» **Material for this task**:
....................

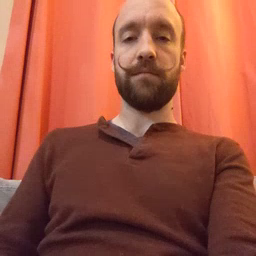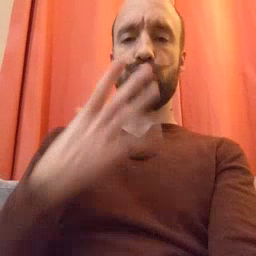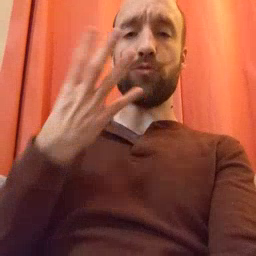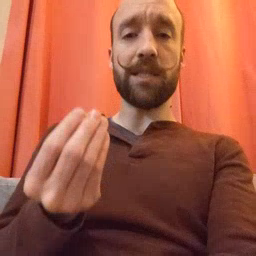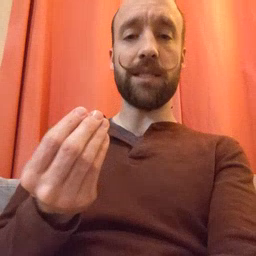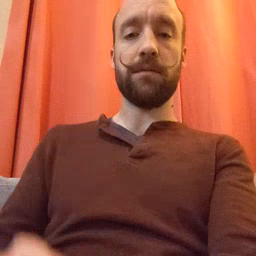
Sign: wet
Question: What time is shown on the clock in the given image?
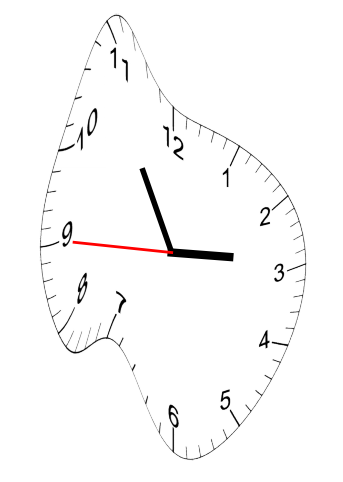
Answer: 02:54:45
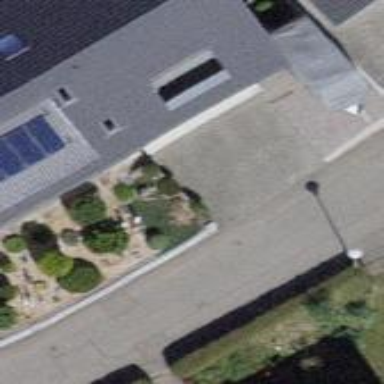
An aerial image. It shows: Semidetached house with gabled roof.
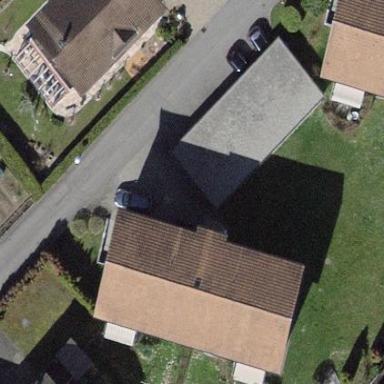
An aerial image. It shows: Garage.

....................

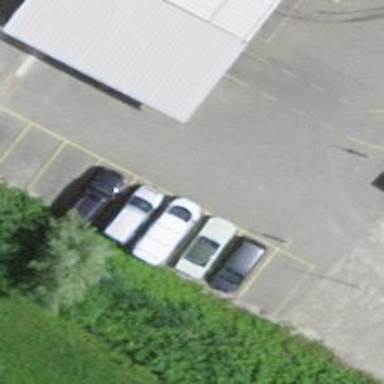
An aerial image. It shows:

....................

» **Task requirements**: All that should appear in the answer is the lines above from the line with "Question: What time" through the line with "An aerial image. It shows: Garage.", retyped exactly, pictures left out.

» **Solution below**:
Question: What time is shown on the clock in the given image?
Answer: 02:54:45
An aerial image. It shows: Semidetached house with gabled roof.
An aerial image. It shows: Garage.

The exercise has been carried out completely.